The following poems merit special attention:
—“Vindication of John L. Brook,” the first of a series of torrential texts, all more than 500 lines long, which the author used to describe as “broken novels.” In the “Vindication” Brook is already fully formed as a poet, although he was only twenty when he wrote it. The poem is about the diseases of youth, and the only proper way to cure them.
—“Street without a Name,” a text in which quotations from MacLeish and Conrad Aiken are combined with the menus of the Orange County jail and the pederastic dreams of a literature professor who taught classes for the prisoners on Tuesdays and Thursdays.
—“Santino and Me,” fragments of conversations between the poet and his parole officer, Lou Santino, relating to sports (which is the most American sport?), whores, the lives of movie stars, and prison celebrities and their moral authority both inside and outside.
—“Charlie” (one such prison celebrity), a brief and “concrete” but nonetheless affectionate portrait of Charles Manson, whom the author met, it seems, in 1992.
—“Lady Companions,” an epiphany featuring psychopaths, serial killers, various mentally deranged individuals, bipolar sufferers obsessed with the American dream, sleepwalkers and stealthy hunters.

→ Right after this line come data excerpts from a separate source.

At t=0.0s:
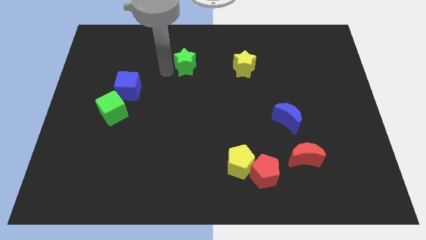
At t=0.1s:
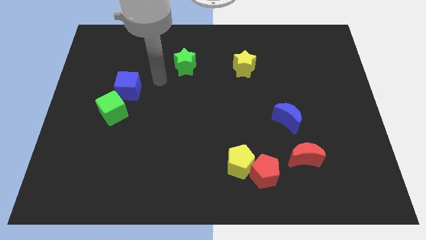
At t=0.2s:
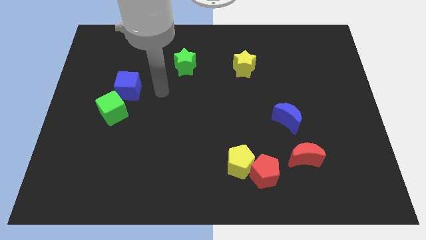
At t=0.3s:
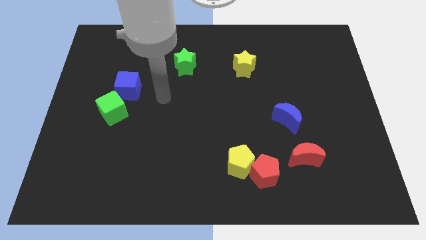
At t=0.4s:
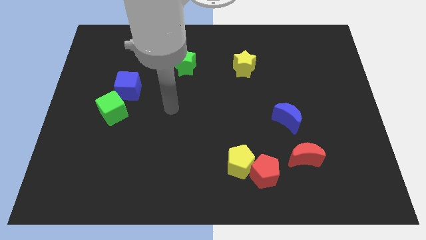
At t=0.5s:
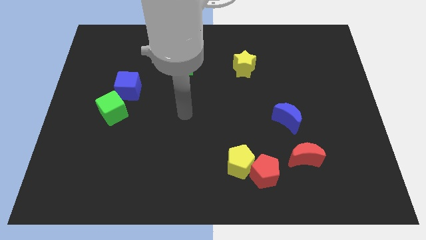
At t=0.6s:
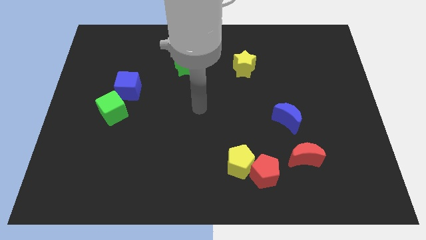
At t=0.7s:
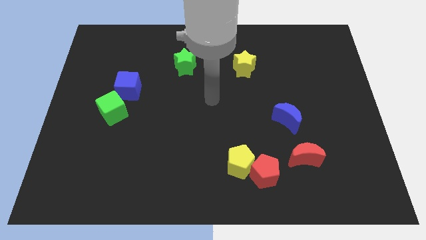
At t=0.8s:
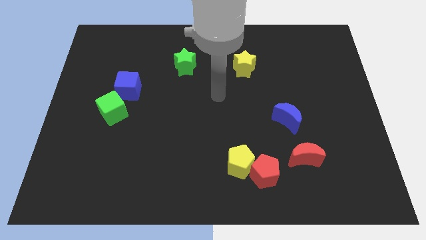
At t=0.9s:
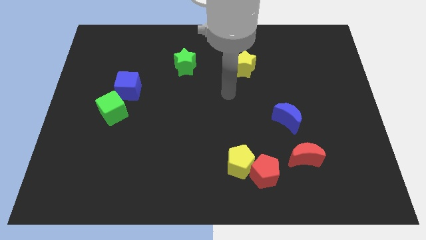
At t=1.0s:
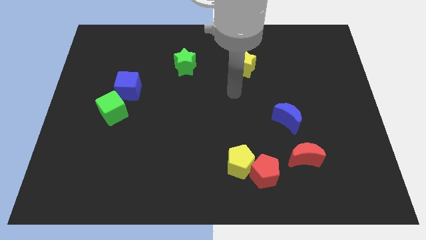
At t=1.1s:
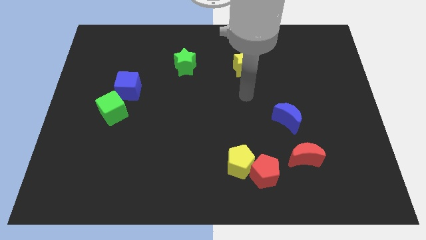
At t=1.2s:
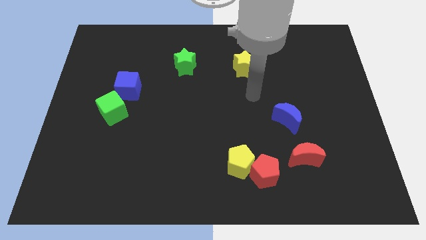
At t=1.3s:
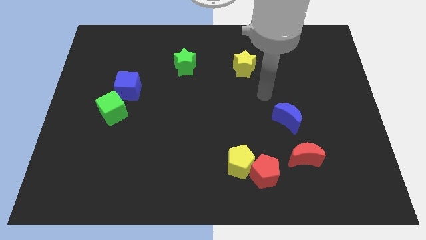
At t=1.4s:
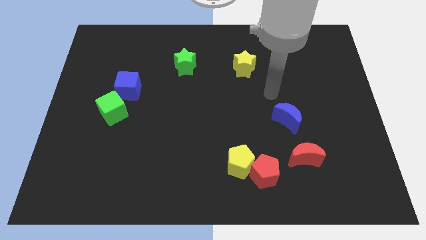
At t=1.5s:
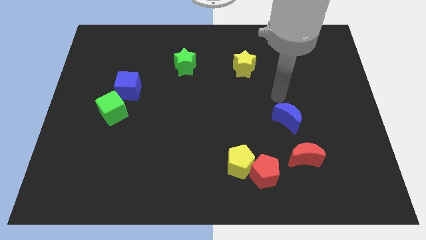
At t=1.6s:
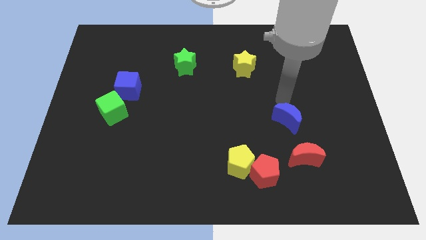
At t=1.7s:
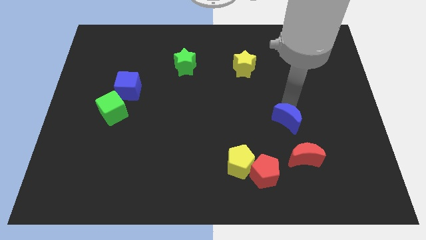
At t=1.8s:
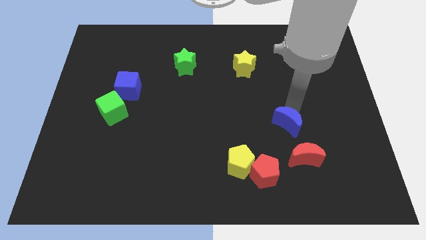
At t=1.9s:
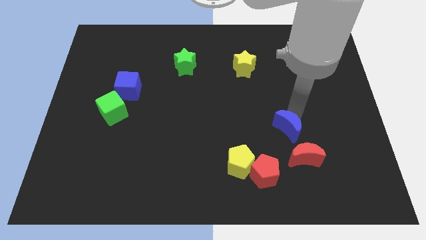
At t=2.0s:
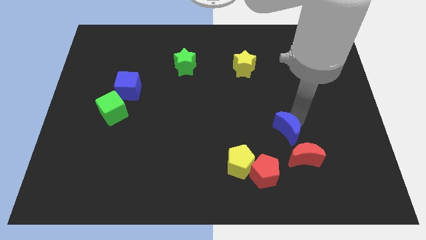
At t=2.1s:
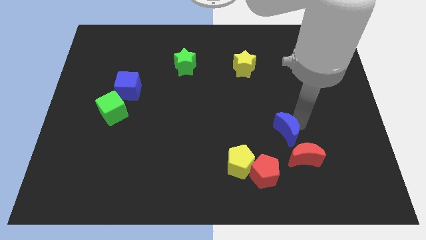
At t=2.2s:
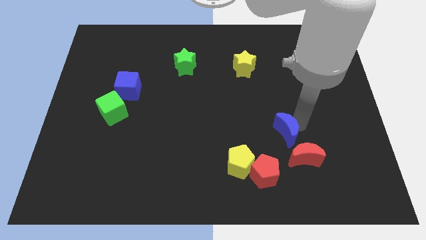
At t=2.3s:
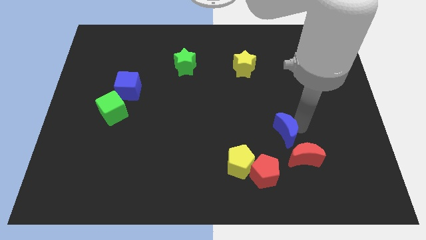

—“The Bad,” an insight into the world of natural born killers, portrayed by Brook as “Ignoble beings children possessed by will in an iron labyrinth or desert Vulnerable as pigs in a cage full of lionesses. .”
This final poem, dated 1985 and published in his third book of poetry ( Solitude , 1986), was the subject of two controversial studies in the Southern California Journal of Psychology and the Berkeley Psychology Magazine .
THE FABULOUS SCHIAFFINO BOYS
Buenos Aires, 1948–Buenos Aires, 1982
It is probably true to say that no poet has ever been more diligent than Italo Schiaffino, not among his contemporaries in Buenos Aires at any rate, in spite of which was he was eventually overshadowed by the growing reputation of his younger brother, Argentino Schiaffino, also a poet.
The boys came from a humble family, and there were only two passions in Italo’s life: soccer and literature. At fifteen, two years after leaving school to work as an errand boy in Don Ercole Massantonio’s hardware store, he joined Enzo Raúl Castiglione’s gang, one of the many groups of Boca Juniors hooligans that existed at the time.
He soon made headway. In 1968, when Castiglione was imprisoned, Italo Schiaffino took over the leadership of the group and wrote his first poem (his first recorded poem, in any case) and his first manifesto. Entitled Cower, Hounds! , the poem is 300 lines long, and his friends from the gang could recite the highlights by heart. Basically, it is a war poem; in the words of Schiaffino, “a kind of Iliad for the Boca boys.” A thousand copies were printed in 1969 with money raised by subscription. The edition contained a preface by Dr. Pérez Heredia in which he welcomed the new poet to the Argentinean Parnassus. The manifesto was a different matter. In five pages, Schiaffino outlined the situation of soccer in Argentina, lamented the crisis, identified the guilty parties (the Jewish plutocracy, which hadn’t produced a single good player, and the Red intelligentsia, responsible for the nation’s decadence). He indicated the danger and explained the ways to exorcize it. The manifesto was called The Time of Argentinean Youth , and in the words of Schiaffino it was “a kind of Latin American version of von Clausewitz, a wake-up call to the nation’s inquiring minds.” It soon became obligatory reading among the hard-line members of Castiglione’s old gang.